The 2016 Fantasy Football season will be filled with more questions at the running back position then I can remember since I first started playing roughly 11 years ago.
Backs like Peterson, Jamaal Charles, and Matt Forte have been staples of Fantasy success, but they are closer to the ends of their careers than the start.
You have running backs who are emerging and could be the next superstars of the NFL like Gurley, David Johnson, Thomas Rawls, and Jeremy Langford, but are you going to fully trust them after just one season?
You also have guys like McCoy, Murray, and Eddie Lacy who could be bargains as second-round picks and third-round picks, but how comfortable do you really feel relying on them as your RB1?
If you’re looking between somebody like McCoy and Elliott in Round 3, why not throw the dice on Elliott?

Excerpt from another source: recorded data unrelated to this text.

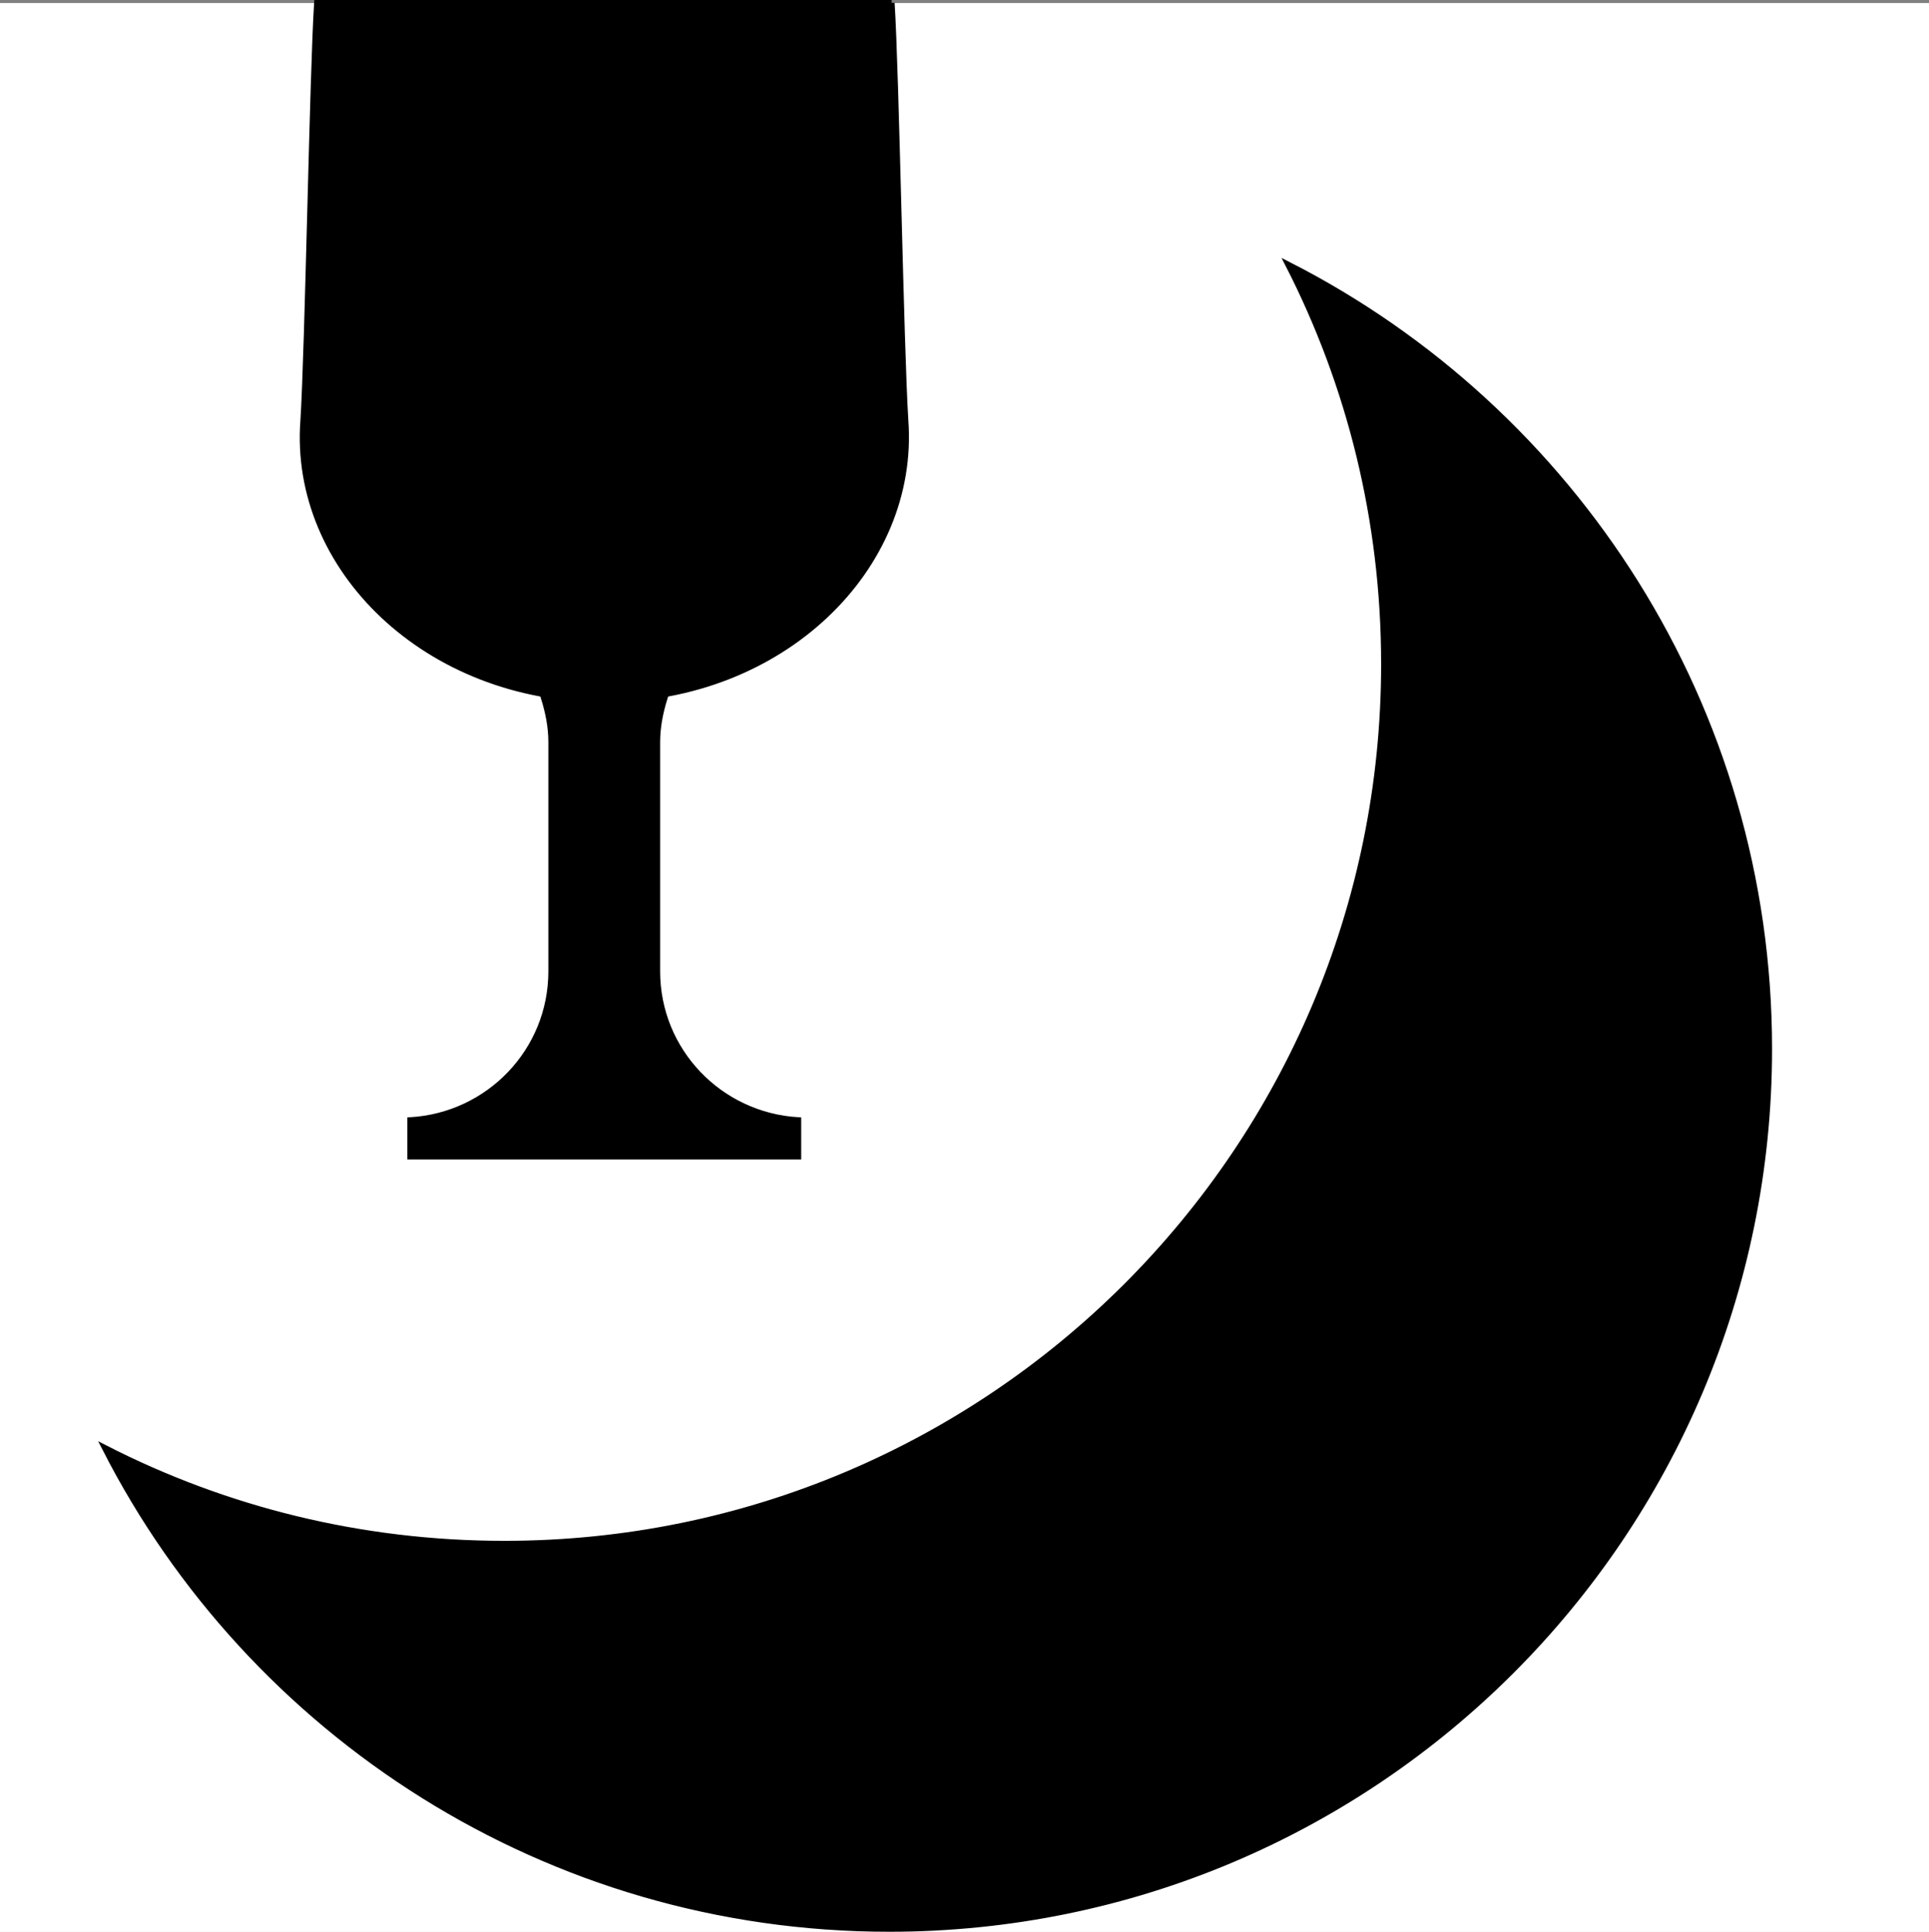 <?xml version="1.0" encoding="UTF-8"?>
<svg data-bbox="0 0.49 319.59 319.6" viewBox="0 0 319.59 320.09" xmlns="http://www.w3.org/2000/svg" data-type="ugc">
    <rect x="0" y="0" width="319.59" height="320.09" fill="#808080" stroke="none"/>
    <g>
        <path fill="#ffffff" d="M319.59.5v319.59H0V.5h319.59z"/>
        <path d="M293.09 173.79c0 80.49-65.28 145.77-145.77 145.77-56.67 0-105.82-32.39-129.91-79.62 19.86 10.16 42.32 15.85 66.14 15.85 80.49 0 145.77-65.28 145.77-145.77 0-23.82-5.69-46.28-15.85-66.14 47.24 24.1 79.62 73.25 79.62 129.91Z" stroke="#000000" stroke-miterlimit="10"/>
        <path d="M147.72.5H52.54c-.75 11.69-1.51 57.13-2.27 69.17-1.83 24.48 20.48 46.21 49.86 46.19 29.39.01 51.69-21.78 49.86-46.26-.76-12.04-1.52-57.42-2.27-69.11Z" stroke="#000000" stroke-miterlimit="10"/>
        <path d="M135.41 67.87c-22.98 5.26-46.34-28.29-69.71-25.79-.33 12.33-.65 23.37-1 28.9-.51 6.78 2.04 12.62 7.17 18.15 6.78 7.31 17.07 10.68 28.27 10.68h.03c11.14 0 21.44-3.38 28.22-10.69 5.14-5.54 7.7-12.04 7.17-19.01-.05-.81-.1-1.21-.15-2.25Z" stroke="#000000" stroke-miterlimit="10"/>
        <path d="M108.87 160.93v-37.97c0-2.56.5-4.98 1.22-7.3H90.13c.72 2.32 1.22 4.74 1.22 7.3v37.97c0 13.21-10.35 23.91-23.37 24.68v5.99h64.26v-5.99c-13.02-.77-23.37-11.47-23.37-24.68Z" stroke="#000000" stroke-miterlimit="10"/>
    </g>
</svg>

In terms of upside I would have to give the edge to Elliott, and in terms of downside, just draft McFadden to hedge your bet.
I think Elliott will start going higher in drafts as the season inches closer, so don’t be surprised to see him go as early as Round 2. But when you look at all the question marks surrounding the running back pool for 2016 Fantasy Football leagues, I wouldn’t have an issue drafting him in Round 3 or Round 4 if I was looking for a back in those rounds.